Former President Donald J. Trump and his allies are rolling out a late-stage campaign strategy that borrows heavily from the subversive playbook he used to challenge his loss four years ago, this time with reinforcements from outside groups built on the false notion of a stolen election.
With Election Day only three days away, Trump is already claiming the Democrats are “a bunch of cheats,” as his allies in battleground states spread distorted reports of mishaps at the polls to push a narrative of widespread fraud.
Trump and his most prominent supporters have pointed to partisan polling and betting markets to claim that he is heading for a “crushing victory,” as his top surrogate Elon Musk recently put it. The expectation helps set the stage for disbelief and outrage among his supporters should he lose.
And in a direct echo of his failed — and, prosecutors say, illegal — bid to remain in power after the 2020 election, some of his most influential advisers are suggesting he will yet again seek to claim victory before all the votes are counted, a move that ushered in his efforts to deny his defeat four years ago and helped set the stage for the attack on the Capitol on January 6, 2021.

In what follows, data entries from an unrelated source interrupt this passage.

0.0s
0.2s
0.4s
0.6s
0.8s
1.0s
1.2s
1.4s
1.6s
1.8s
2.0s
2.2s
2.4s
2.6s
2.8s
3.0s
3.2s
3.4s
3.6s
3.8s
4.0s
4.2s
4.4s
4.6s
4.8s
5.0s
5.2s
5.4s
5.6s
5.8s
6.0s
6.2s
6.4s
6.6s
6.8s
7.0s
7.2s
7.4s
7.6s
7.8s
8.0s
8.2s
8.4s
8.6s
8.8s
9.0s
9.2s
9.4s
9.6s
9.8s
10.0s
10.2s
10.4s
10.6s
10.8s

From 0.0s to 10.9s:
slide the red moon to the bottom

In many respects, though, the effort that led to January 6 never ended.
“It’s been four years of spreading lies about elections and recruiting volunteers to challenge the system, filing litigation,’’ said Joanna Lydgate, the chief executive of States United Democracy Centre, a non-profit group that works with state officials to bolster confidence in their elections. “What we’re seeing today is all of that coming to fruition.”
The Trump campaign did not respond to an email seeking comment. In a statement, Dana Remus, a top lawyer for Vice-President Kamala Harris’s campaign, said, “It isn’t surprising that he is already questioning the results of a still ongoing election” and added, “He failed when he tried this in 2020, and he will fail again.”

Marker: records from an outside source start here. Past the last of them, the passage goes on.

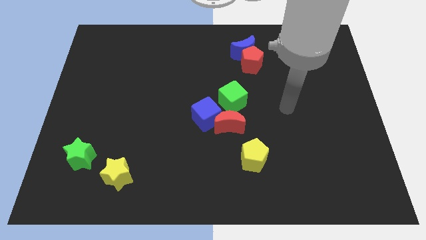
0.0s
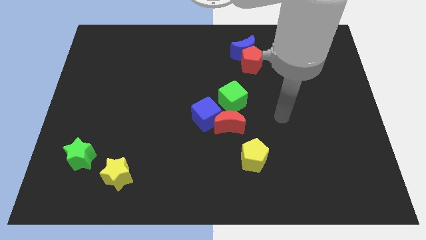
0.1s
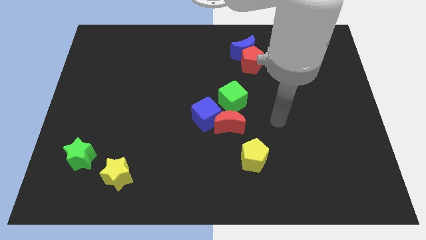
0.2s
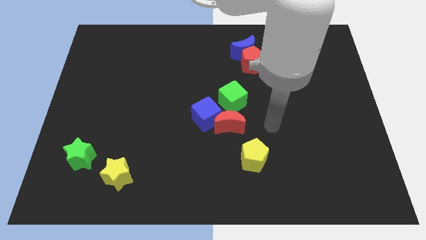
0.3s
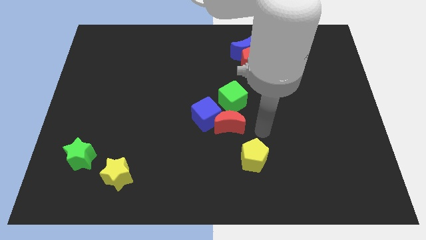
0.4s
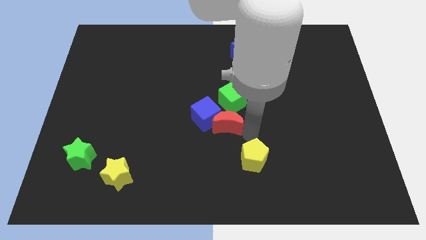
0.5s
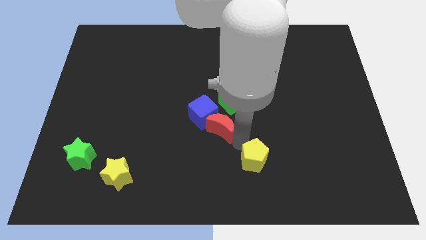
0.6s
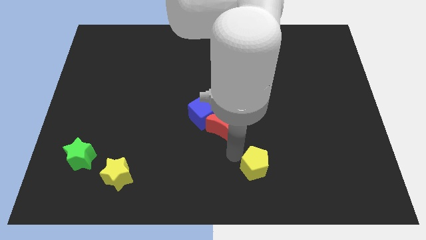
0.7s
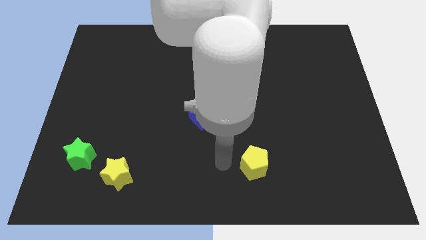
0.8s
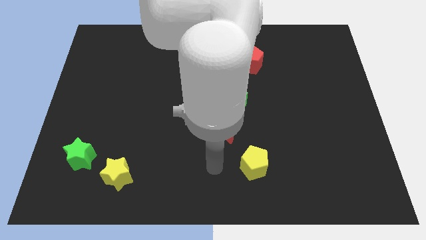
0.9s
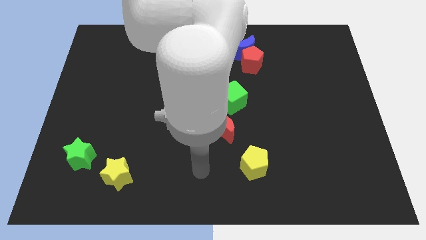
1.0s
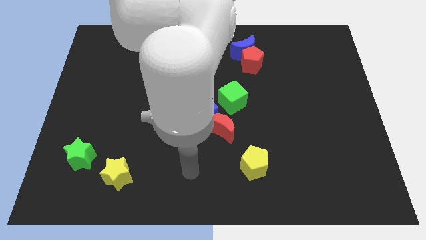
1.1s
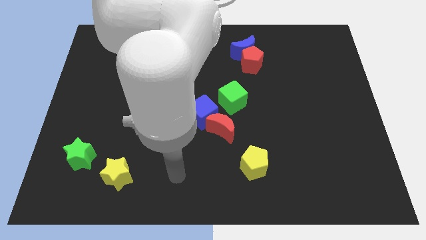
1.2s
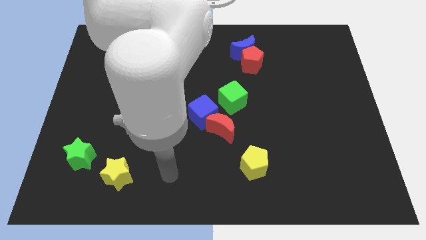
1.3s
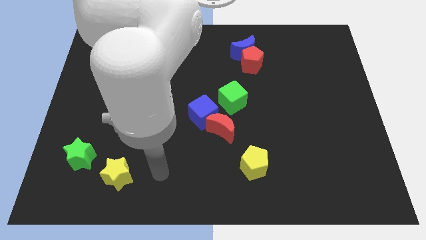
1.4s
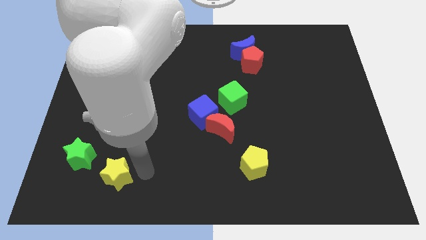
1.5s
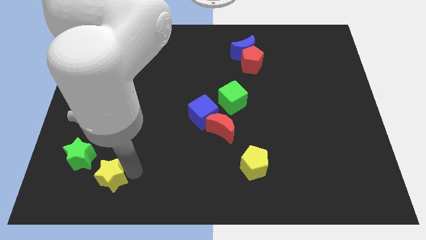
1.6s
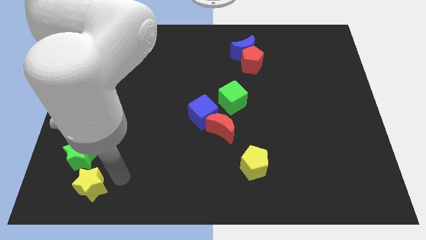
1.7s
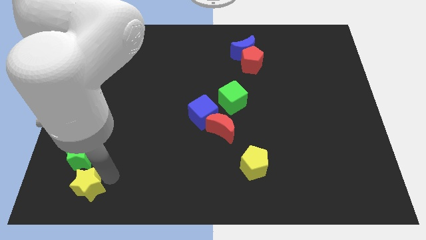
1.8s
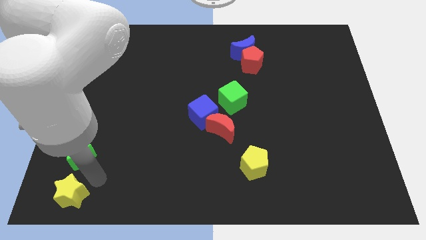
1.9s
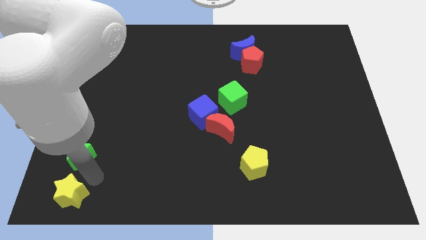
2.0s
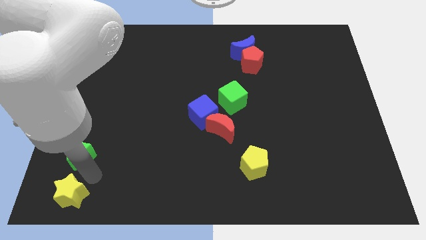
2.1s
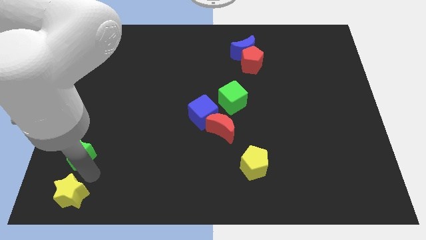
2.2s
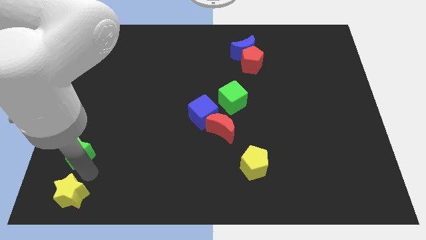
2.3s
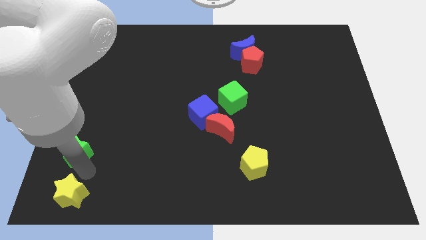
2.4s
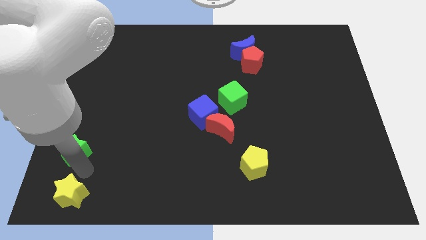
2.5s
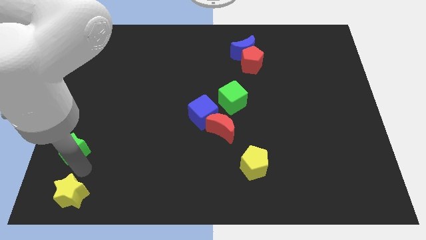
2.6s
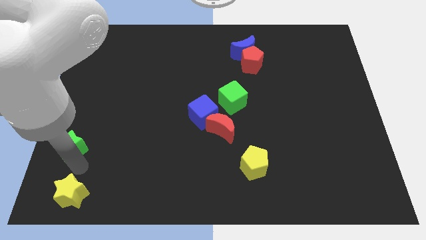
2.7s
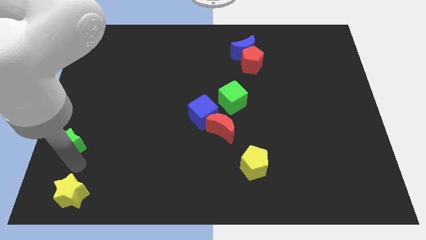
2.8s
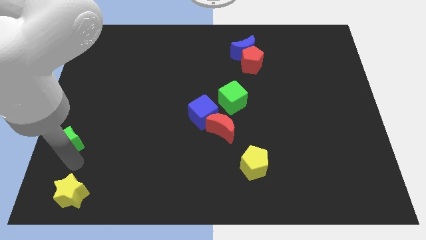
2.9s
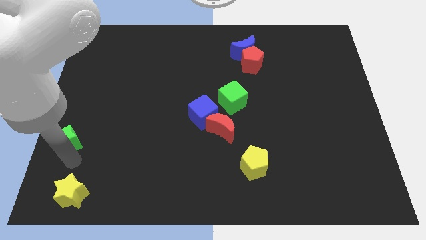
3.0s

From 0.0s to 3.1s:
move the green star to the left side

Polls show the race is effectively tied, leaving the possibility that Trump will win and have no reason to dispute the outcome. In that case, the question of whether to accept the results would fall to Harris, who has said she would uphold “free and fair elections” and the “peaceful transfer of power”.

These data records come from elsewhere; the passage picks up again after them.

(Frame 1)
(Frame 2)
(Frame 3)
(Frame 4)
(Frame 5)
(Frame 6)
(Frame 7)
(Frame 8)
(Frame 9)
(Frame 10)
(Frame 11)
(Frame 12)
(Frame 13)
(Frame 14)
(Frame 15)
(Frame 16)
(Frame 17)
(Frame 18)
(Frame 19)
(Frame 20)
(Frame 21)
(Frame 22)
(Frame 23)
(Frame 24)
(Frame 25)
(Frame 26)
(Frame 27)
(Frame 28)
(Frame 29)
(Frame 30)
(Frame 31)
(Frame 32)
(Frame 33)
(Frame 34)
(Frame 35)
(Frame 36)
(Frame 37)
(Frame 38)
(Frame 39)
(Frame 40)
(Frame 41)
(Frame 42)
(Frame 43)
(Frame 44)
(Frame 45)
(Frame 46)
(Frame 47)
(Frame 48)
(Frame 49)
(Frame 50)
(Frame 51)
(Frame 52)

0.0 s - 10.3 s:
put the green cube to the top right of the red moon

For all the similarities, there are important differences between now and 2020, some of which reassure the coalition of civil rights lawyers, Democrats, Republicans and election administrators working to prevent a repeat of 2020:
Congress has passed a new law, the Electoral Count Reform Act, meant to make it harder to stop the final certification of the results by Congress on January 6, as Trump tried to do four years ago.
Trump no longer has control of the federal government — which he sought to use to press his 2020 case. In the states, there are fewer like-minded Republicans in key positions of power than there were four years ago.
Some of the loudest clarions for stolen election theories have paid heavily for circulating them, including Fox News, which last year paid Dominion Voting Systems $787 million to settle a lawsuit over the network’s promotion of false theories that Dominion’s machines had switched votes.
And the experience of 2020, along with more recent clashes over voting issues, has taught election administrators lessons about fortifying themselves against a similar effort this year.
“You have the benefit of something having happened once before,” said the Pennsylvania secretary of state, Al Schmidt, a Republican. “You learn from it to guide you moving forward.” But the threat of another chaotic post-election period remains.